For limits involving \(\sqrt{1+x}-1\), rationalize the numerator to remove the indeterminate form.

Answer 1

The Correct Option is B

Concept: When a limit contains a square root expression, rationalization is often useful.

Step 1: Given limit is: \[ \lim_{x\to 0}\frac{\sqrt{1+x}-1}{x} \]

Step 2: Rationalize the numerator. Multiply numerator and denominator by: \[ \sqrt{1+x}+1 \] \[ \frac{\sqrt{1+x}-1}{x} \times \frac{\sqrt{1+x}+1}{\sqrt{1+x}+1} \]

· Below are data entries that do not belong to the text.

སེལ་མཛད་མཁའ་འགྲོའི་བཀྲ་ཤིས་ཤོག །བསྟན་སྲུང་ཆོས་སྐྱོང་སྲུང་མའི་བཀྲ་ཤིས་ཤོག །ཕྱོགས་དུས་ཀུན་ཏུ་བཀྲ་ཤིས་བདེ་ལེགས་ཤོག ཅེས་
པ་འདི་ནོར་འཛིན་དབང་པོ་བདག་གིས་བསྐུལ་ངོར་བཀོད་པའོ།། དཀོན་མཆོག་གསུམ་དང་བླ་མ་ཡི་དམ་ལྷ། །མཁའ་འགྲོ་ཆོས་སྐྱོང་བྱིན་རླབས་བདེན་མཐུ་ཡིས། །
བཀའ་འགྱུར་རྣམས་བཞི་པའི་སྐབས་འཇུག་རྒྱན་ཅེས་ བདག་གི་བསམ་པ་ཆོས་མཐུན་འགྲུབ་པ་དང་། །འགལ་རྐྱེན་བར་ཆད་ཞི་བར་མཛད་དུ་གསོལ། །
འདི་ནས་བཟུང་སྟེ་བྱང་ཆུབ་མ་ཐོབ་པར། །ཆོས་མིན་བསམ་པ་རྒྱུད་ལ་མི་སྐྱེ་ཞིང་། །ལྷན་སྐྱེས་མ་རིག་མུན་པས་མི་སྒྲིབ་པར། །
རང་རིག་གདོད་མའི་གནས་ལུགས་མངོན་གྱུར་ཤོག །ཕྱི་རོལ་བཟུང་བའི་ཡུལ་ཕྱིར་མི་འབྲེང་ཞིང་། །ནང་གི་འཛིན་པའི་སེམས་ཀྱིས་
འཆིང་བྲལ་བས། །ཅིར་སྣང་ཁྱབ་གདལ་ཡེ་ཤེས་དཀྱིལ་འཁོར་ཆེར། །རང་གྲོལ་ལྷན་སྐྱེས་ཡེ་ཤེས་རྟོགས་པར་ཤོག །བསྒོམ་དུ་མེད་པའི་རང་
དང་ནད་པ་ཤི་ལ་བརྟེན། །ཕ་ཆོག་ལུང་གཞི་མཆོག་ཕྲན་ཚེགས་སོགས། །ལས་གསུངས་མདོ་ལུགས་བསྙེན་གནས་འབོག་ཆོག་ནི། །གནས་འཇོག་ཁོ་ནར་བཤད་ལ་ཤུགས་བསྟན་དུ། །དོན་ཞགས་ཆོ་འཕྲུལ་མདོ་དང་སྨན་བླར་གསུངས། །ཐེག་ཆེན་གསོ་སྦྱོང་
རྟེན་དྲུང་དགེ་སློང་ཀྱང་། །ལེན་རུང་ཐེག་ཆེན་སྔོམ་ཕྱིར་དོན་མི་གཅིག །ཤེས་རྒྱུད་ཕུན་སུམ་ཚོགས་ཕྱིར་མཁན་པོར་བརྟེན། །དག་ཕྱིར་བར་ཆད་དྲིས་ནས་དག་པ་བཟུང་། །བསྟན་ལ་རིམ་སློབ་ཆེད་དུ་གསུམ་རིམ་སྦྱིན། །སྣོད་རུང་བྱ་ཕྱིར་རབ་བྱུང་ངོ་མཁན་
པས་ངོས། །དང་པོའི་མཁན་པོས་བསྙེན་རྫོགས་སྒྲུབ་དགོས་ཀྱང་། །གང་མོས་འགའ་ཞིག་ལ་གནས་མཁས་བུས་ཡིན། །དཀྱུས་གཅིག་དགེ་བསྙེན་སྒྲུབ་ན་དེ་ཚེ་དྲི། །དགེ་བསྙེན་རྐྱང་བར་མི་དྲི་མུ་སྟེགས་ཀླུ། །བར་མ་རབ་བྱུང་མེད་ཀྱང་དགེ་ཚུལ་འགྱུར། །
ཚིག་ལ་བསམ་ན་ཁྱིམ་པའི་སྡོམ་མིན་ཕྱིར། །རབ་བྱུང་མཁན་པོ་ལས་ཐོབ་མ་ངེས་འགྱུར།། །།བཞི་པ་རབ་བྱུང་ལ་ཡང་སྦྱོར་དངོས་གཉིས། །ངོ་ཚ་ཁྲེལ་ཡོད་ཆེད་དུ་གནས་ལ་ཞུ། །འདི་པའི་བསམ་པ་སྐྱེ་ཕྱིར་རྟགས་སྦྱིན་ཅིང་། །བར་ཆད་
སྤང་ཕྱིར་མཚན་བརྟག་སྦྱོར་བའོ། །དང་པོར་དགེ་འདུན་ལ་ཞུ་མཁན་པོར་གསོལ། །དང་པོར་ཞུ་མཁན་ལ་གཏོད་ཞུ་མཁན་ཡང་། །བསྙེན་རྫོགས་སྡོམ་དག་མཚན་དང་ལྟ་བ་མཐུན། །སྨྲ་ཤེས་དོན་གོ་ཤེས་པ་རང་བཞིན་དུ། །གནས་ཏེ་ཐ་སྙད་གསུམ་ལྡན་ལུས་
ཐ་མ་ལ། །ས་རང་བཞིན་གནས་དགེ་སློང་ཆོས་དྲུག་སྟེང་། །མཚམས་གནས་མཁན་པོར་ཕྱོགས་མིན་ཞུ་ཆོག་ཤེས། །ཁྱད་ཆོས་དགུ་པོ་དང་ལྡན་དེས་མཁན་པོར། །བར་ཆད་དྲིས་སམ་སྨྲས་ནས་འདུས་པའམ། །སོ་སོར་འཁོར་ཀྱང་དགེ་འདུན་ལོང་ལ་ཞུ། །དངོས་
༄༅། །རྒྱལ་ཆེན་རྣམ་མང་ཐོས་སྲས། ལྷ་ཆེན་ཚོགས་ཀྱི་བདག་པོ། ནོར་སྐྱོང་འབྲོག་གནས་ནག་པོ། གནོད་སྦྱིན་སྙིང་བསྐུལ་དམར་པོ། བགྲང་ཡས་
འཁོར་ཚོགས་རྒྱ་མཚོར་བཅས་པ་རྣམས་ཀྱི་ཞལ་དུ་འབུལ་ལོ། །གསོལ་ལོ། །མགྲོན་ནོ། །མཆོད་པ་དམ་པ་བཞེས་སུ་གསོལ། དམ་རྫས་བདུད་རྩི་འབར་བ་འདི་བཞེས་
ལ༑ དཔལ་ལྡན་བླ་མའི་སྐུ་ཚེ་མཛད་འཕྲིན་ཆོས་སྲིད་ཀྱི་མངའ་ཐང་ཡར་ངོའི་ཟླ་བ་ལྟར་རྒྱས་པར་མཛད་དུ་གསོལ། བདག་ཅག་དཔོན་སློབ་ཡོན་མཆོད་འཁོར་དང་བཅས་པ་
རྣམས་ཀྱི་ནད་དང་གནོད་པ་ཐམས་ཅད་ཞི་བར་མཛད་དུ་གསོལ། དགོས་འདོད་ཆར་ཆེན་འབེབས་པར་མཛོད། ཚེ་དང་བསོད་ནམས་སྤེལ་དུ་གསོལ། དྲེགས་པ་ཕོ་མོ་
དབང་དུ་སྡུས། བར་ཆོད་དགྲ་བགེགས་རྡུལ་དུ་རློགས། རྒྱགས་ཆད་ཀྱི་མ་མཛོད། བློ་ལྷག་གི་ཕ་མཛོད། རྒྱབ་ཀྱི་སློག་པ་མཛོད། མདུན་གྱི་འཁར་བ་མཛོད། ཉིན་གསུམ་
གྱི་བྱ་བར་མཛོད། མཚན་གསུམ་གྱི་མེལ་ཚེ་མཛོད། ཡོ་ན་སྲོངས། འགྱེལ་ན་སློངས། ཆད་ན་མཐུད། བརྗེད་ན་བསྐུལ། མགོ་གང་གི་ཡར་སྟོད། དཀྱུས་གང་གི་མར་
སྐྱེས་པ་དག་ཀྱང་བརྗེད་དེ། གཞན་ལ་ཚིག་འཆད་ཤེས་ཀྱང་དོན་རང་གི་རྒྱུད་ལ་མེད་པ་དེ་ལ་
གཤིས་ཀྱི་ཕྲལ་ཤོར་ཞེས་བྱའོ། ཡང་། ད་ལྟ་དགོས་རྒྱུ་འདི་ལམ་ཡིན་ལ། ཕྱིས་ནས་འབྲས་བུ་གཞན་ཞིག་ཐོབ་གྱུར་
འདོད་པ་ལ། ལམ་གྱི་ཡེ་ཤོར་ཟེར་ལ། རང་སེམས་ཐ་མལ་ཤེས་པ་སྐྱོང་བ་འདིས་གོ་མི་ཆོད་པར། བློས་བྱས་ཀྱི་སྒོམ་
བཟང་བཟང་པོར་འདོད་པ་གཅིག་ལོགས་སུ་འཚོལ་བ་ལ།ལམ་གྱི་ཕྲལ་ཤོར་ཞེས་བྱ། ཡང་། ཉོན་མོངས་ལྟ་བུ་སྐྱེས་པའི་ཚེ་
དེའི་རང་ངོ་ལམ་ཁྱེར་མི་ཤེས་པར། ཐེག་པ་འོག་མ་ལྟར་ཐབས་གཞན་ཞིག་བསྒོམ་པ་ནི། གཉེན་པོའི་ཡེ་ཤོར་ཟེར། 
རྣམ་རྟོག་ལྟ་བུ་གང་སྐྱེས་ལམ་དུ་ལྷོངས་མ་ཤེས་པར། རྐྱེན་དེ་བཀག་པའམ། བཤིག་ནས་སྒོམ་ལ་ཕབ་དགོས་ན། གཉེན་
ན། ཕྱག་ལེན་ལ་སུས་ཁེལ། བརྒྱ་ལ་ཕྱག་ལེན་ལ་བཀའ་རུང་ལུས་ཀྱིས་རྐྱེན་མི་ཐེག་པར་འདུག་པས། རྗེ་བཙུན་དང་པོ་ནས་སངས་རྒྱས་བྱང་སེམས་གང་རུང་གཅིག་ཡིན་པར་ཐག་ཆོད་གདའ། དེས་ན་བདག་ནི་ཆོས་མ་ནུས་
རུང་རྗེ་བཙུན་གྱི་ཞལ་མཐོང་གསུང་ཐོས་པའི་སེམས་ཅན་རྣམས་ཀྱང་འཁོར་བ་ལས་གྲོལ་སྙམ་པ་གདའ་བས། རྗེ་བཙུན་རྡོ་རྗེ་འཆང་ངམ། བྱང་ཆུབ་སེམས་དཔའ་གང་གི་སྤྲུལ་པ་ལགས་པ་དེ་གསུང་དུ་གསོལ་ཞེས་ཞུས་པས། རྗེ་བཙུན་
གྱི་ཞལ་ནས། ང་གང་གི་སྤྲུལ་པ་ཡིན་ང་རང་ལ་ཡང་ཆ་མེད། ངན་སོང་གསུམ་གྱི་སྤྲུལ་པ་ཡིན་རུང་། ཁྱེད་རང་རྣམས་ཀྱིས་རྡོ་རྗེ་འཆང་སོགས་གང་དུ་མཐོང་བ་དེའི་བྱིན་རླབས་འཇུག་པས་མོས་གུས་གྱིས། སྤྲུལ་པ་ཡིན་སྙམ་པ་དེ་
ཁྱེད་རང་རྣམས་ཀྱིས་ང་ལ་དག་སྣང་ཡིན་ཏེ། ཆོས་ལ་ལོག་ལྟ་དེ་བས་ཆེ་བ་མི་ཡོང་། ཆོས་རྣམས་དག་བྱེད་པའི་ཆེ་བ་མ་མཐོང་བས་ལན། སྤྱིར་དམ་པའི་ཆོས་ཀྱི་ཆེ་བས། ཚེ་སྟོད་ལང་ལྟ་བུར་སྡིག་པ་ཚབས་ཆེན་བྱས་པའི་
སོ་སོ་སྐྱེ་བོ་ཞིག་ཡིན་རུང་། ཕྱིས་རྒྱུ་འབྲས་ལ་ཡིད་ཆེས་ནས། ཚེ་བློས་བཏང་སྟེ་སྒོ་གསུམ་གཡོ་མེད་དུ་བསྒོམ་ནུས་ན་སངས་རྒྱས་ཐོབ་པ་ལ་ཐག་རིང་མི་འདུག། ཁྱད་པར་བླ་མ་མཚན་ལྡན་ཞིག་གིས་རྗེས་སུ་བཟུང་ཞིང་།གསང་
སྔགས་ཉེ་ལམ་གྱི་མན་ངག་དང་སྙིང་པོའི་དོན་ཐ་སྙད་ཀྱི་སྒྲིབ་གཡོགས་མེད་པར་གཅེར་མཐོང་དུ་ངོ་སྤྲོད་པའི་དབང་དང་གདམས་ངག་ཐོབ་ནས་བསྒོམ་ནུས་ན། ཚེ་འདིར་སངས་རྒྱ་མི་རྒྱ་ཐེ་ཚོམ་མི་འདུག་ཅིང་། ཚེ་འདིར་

Step 3: Apply identity \((a-b)(a+b)=a^2-b^2\). \[ = \frac{(1+x)-1}{x(\sqrt{1+x}+1)} \] \[ = \frac{x}{x(\sqrt{1+x}+1)} \] Cancel \(x\): \[ = \frac{1}{\sqrt{1+x}+1} \]

Step 4: Now put \(x=0\). \[ \frac{1}{\sqrt{1+0}+1} = \frac{1}{1+1} = \frac{1}{2} \] Therefore, \[ \boxed{\frac{1}{2}} \]